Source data
- - - - -

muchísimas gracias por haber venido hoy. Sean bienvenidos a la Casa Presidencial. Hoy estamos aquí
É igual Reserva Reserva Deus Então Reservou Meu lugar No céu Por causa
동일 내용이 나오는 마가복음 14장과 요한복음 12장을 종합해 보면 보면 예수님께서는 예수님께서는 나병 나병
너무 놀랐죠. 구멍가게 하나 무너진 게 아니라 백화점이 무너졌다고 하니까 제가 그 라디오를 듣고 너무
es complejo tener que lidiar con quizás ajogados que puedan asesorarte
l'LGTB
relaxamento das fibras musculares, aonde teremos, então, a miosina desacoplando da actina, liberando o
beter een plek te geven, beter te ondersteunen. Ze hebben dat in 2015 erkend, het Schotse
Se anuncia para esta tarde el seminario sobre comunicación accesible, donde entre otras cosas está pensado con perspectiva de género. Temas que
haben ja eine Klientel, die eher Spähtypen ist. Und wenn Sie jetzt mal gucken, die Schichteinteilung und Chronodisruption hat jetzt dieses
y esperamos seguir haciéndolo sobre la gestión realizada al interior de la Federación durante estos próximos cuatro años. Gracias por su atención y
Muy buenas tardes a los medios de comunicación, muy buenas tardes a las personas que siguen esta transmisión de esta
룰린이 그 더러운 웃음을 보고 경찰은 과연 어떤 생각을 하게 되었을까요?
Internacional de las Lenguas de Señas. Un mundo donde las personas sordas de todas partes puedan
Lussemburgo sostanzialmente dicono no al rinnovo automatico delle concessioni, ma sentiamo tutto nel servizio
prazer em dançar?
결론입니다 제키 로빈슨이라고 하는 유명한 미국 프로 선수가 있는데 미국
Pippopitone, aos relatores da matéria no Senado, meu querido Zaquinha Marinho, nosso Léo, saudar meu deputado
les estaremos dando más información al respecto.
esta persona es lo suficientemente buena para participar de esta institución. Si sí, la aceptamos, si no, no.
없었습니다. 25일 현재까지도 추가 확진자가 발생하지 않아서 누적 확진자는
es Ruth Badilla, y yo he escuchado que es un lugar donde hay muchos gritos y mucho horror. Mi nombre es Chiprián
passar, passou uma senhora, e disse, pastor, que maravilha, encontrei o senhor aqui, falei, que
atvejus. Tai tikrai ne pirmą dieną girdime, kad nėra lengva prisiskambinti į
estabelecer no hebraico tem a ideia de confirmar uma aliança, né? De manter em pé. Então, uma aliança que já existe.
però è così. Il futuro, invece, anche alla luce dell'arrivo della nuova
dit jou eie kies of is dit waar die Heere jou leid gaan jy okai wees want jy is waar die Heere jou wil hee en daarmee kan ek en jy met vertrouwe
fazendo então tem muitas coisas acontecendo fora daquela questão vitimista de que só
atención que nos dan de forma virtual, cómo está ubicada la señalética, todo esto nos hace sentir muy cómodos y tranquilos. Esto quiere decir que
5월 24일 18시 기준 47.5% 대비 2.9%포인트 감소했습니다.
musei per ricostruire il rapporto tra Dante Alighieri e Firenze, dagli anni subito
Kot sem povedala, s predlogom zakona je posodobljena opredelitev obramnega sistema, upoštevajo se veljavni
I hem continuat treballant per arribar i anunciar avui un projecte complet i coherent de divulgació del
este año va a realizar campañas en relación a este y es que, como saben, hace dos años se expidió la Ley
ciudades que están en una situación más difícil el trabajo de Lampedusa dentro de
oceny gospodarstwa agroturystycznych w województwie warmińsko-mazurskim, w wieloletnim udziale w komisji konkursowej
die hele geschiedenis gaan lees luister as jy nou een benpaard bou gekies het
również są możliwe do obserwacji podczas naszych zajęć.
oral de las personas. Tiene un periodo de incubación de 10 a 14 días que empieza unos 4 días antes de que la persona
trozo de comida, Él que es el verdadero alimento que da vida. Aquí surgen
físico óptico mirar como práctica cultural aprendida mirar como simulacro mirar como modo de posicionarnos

- - - - -

## [Work item]
From the records above, copy out the line with "Lussemburgo sostanzialmente dicono", the line with "però è così.", and every line between them, word for word.

## [Solved exercise]
Lussemburgo sostanzialmente dicono no al rinnovo automatico delle concessioni, ma sentiamo tutto nel servizio
prazer em dançar?
결론입니다 제키 로빈슨이라고 하는 유명한 미국 프로 선수가 있는데 미국
Pippopitone, aos relatores da matéria no Senado, meu querido Zaquinha Marinho, nosso Léo, saudar meu deputado
les estaremos dando más información al respecto.
esta persona es lo suficientemente buena para participar de esta institución. Si sí, la aceptamos, si no, no.
없었습니다. 25일 현재까지도 추가 확진자가 발생하지 않아서 누적 확진자는
es Ruth Badilla, y yo he escuchado que es un lugar donde hay muchos gritos y mucho horror. Mi nombre es Chiprián
passar, passou uma senhora, e disse, pastor, que maravilha, encontrei o senhor aqui, falei, que
atvejus. Tai tikrai ne pirmą dieną girdime, kad nėra lengva prisiskambinti į
estabelecer no hebraico tem a ideia de confirmar uma aliança, né? De manter em pé. Então, uma aliança que já existe.
però è così. Il futuro, invece, anche alla luce dell'arrivo della nuova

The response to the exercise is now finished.